— To do —
Begin at the first line of the data and copy each line through the one containing "#1900 = CARTESIAN_POINT", that line included, with no pictures.

- Opening Delimiter -

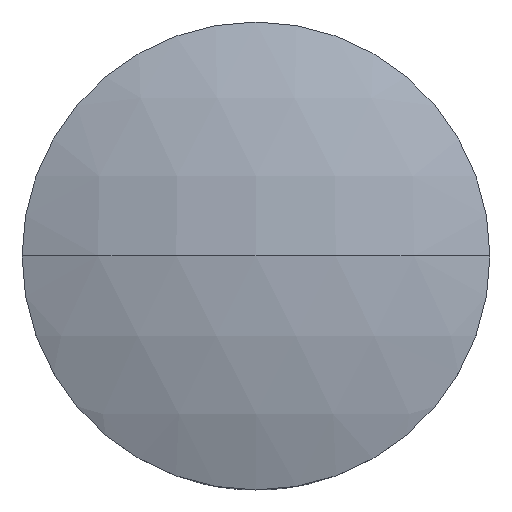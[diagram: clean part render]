
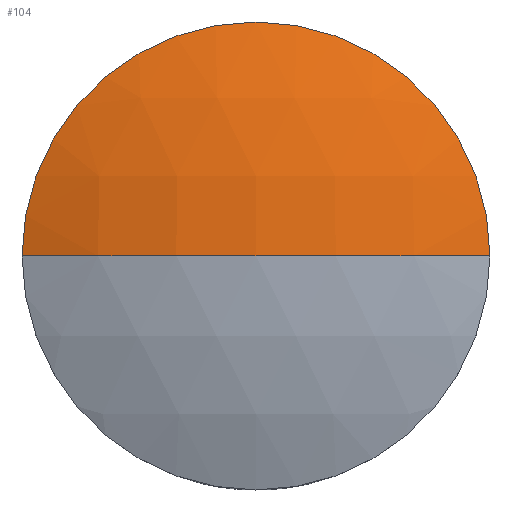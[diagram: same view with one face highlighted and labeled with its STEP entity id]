
A CAD part, top view. The second image highlights one B-rep face of the part: STEP entity #104.
In plain terms, the highlighted spherical face has radius 51.68 mm.
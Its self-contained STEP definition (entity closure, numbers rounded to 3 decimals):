
#6 = DIRECTION ( 'NONE',  ( 0., 0., -1. ) ) ;
#18 = ORIENTED_EDGE ( 'NONE', *, *, #1414, .F. ) ;
#58 = CIRCLE ( 'NONE', #1734, 19.05 ) ;
#104 = ADVANCED_FACE ( 'NONE', ( #1846 ), #1465, .T. ) ;
#108 = ORIENTED_EDGE ( 'NONE', *, *, #1075, .F. ) ;
#110 = DIRECTION ( 'NONE',  ( 1., 0., 0. ) ) ;
#181 = CARTESIAN_POINT ( 'NONE',  ( 0., 0., -0.569 ) ) ;
#328 = CARTESIAN_POINT ( 'NONE',  ( -19.05, 0., -0.569 ) ) ;
#379 = CARTESIAN_POINT ( 'NONE',  ( 0., 0., 3.07 ) ) ;
#392 = CARTESIAN_POINT ( 'NONE',  ( 0., 0., -48.61 ) ) ;
#456 = DIRECTION ( 'NONE',  ( -1., 0., 0. ) ) ;
#546 = AXIS2_PLACEMENT_3D ( 'NONE', #392, #1167, #110 ) ;
#664 = AXIS2_PLACEMENT_3D ( 'NONE', #687, #1765, #1945 ) ;
#666 = DIRECTION ( 'NONE',  ( 0., 1., 0. ) ) ;
#687 = CARTESIAN_POINT ( 'NONE',  ( 0., 0., -48.61 ) ) ;
#830 = CIRCLE ( 'NONE', #1157, 51.68 ) ;
#1075 = EDGE_CURVE ( 'NONE', #1124, #1850, #1462, .T. ) ;
#1124 = VERTEX_POINT ( 'NONE', #379 ) ;
#1157 = AXIS2_PLACEMENT_3D ( 'NONE', #1900, #666, #1887 ) ;
#1167 = DIRECTION ( 'NONE',  ( 0., -1., 0. ) ) ;
#1221 = VERTEX_POINT ( 'NONE', #1949 ) ;
#1414 = EDGE_CURVE ( 'NONE', #1850, #1221, #58, .T. ) ;
#1462 = CIRCLE ( 'NONE', #546, 51.68 ) ;
#1465 = SPHERICAL_SURFACE ( 'NONE', #664, 51.68 ) ;
#1496 = EDGE_CURVE ( 'NONE', #1124, #1221, #830, .T. ) ;
#1677 = EDGE_LOOP ( 'NONE', ( #108, #1848, #18 ) ) ;
#1734 = AXIS2_PLACEMENT_3D ( 'NONE', #181, #6, #456 ) ;
#1765 = DIRECTION ( 'NONE',  ( 0., -1., 0. ) ) ;
#1846 = FACE_OUTER_BOUND ( 'NONE', #1677, .T. ) ;
#1848 = ORIENTED_EDGE ( 'NONE', *, *, #1496, .T. ) ;
#1850 = VERTEX_POINT ( 'NONE', #328 ) ;
#1887 = DIRECTION ( 'NONE',  ( 0., 0., 1. ) ) ;
#1900 = CARTESIAN_POINT ( 'NONE',  ( 0., 0., -48.61 ) ) ;
#1945 = DIRECTION ( 'NONE',  ( 1., 0., 0. ) ) ;
#1949 = CARTESIAN_POINT ( 'NONE',  ( 19.05, 0., -0.569 ) ) ;
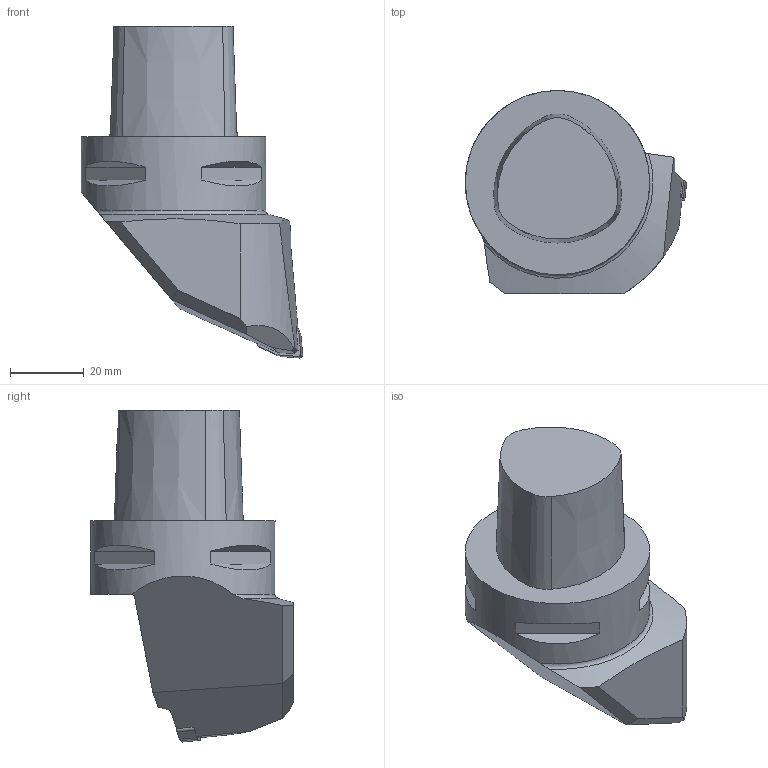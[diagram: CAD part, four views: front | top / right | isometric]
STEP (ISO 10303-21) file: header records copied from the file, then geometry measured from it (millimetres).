
FILE_DESCRIPTION(/* description */ (''),/* implementation_level */ '2;1');
FILE_NAME(/* name */ 'C5-DWLNL-35060-06JETI2_Basic.stp',/* time_stamp */ '2021-07-13T11:32:19+05:00',/* author */ (''),/* organization */ (''),/* preprocessor_version */ 'ST-DEVELOPER v16.7',/* originating_system */ 'SIEMENS PLM Software NX 12.0',/* authorisation */ '');
FILE_SCHEMA (('AUTOMOTIVE_DESIGN { 1 0 10303 214 3 1 1 1 }'));
Length unit declared in the file: millimetre
Products named in the file (4): CUT; NOCUT; ASSEMBLY_CONSTRUCTION; C5-DWLNR-35060-06JETI2_Basic_stp_stp
Assembly tree (3 placements, depth 2):
  C5-DWLNR-35060-06JETI2_Basic_stp_stp
    ASSEMBLY_CONSTRUCTION
    NOCUT
    CUT
Bounding box: 60.01 x 55 x 90 mm (x, y, z)
Volume: 107895 mm3; surface area: 15407 mm2
Topology: 2 solids, 2 shells, 60 faces, 153 edges, 108 vertices
Faces by surface type: plane 39, cylinder 13, cone 7, torus 1
Full cylindrical faces by diameter (mm): 50 x1
Entity records: 2051 total; most frequent: CARTESIAN_POINT 402, DIRECTION 330, ORIENTED_EDGE 300, EDGE_CURVE 150, AXIS2_PLACEMENT_3D 120, VERTEX_POINT 100, LINE 90, VECTOR 90

- Closing Delimiter -

— Task result —
[diagram: clean part render]
[diagram: same view with one face highlighted and labeled with its STEP entity id]
A CAD part, top view. The second image highlights one B-rep face of the part: STEP entity #104.
In plain terms, the highlighted spherical face has radius 51.68 mm.
Its self-contained STEP definition (entity closure, numbers rounded to 3 decimals):
#6 = DIRECTION ( 'NONE',  ( 0., 0., -1. ) ) ;
#18 = ORIENTED_EDGE ( 'NONE', *, *, #1414, .F. ) ;
#58 = CIRCLE ( 'NONE', #1734, 19.05 ) ;
#104 = ADVANCED_FACE ( 'NONE', ( #1846 ), #1465, .T. ) ;
#108 = ORIENTED_EDGE ( 'NONE', *, *, #1075, .F. ) ;
#110 = DIRECTION ( 'NONE',  ( 1., 0., 0. ) ) ;
#181 = CARTESIAN_POINT ( 'NONE',  ( 0., 0., -0.569 ) ) ;
#328 = CARTESIAN_POINT ( 'NONE',  ( -19.05, 0., -0.569 ) ) ;
#379 = CARTESIAN_POINT ( 'NONE',  ( 0., 0., 3.07 ) ) ;
#392 = CARTESIAN_POINT ( 'NONE',  ( 0., 0., -48.61 ) ) ;
#456 = DIRECTION ( 'NONE',  ( -1., 0., 0. ) ) ;
#546 = AXIS2_PLACEMENT_3D ( 'NONE', #392, #1167, #110 ) ;
#664 = AXIS2_PLACEMENT_3D ( 'NONE', #687, #1765, #1945 ) ;
#666 = DIRECTION ( 'NONE',  ( 0., 1., 0. ) ) ;
#687 = CARTESIAN_POINT ( 'NONE',  ( 0., 0., -48.61 ) ) ;
#830 = CIRCLE ( 'NONE', #1157, 51.68 ) ;
#1075 = EDGE_CURVE ( 'NONE', #1124, #1850, #1462, .T. ) ;
#1124 = VERTEX_POINT ( 'NONE', #379 ) ;
#1157 = AXIS2_PLACEMENT_3D ( 'NONE', #1900, #666, #1887 ) ;
#1167 = DIRECTION ( 'NONE',  ( 0., -1., 0. ) ) ;
#1221 = VERTEX_POINT ( 'NONE', #1949 ) ;
#1414 = EDGE_CURVE ( 'NONE', #1850, #1221, #58, .T. ) ;
#1462 = CIRCLE ( 'NONE', #546, 51.68 ) ;
#1465 = SPHERICAL_SURFACE ( 'NONE', #664, 51.68 ) ;
#1496 = EDGE_CURVE ( 'NONE', #1124, #1221, #830, .T. ) ;
#1677 = EDGE_LOOP ( 'NONE', ( #108, #1848, #18 ) ) ;
#1734 = AXIS2_PLACEMENT_3D ( 'NONE', #181, #6, #456 ) ;
#1765 = DIRECTION ( 'NONE',  ( 0., -1., 0. ) ) ;
#1846 = FACE_OUTER_BOUND ( 'NONE', #1677, .T. ) ;
#1848 = ORIENTED_EDGE ( 'NONE', *, *, #1496, .T. ) ;
#1850 = VERTEX_POINT ( 'NONE', #328 ) ;
#1887 = DIRECTION ( 'NONE',  ( 0., 0., 1. ) ) ;
#1900 = CARTESIAN_POINT ( 'NONE',  ( 0., 0., -48.61 ) ) ;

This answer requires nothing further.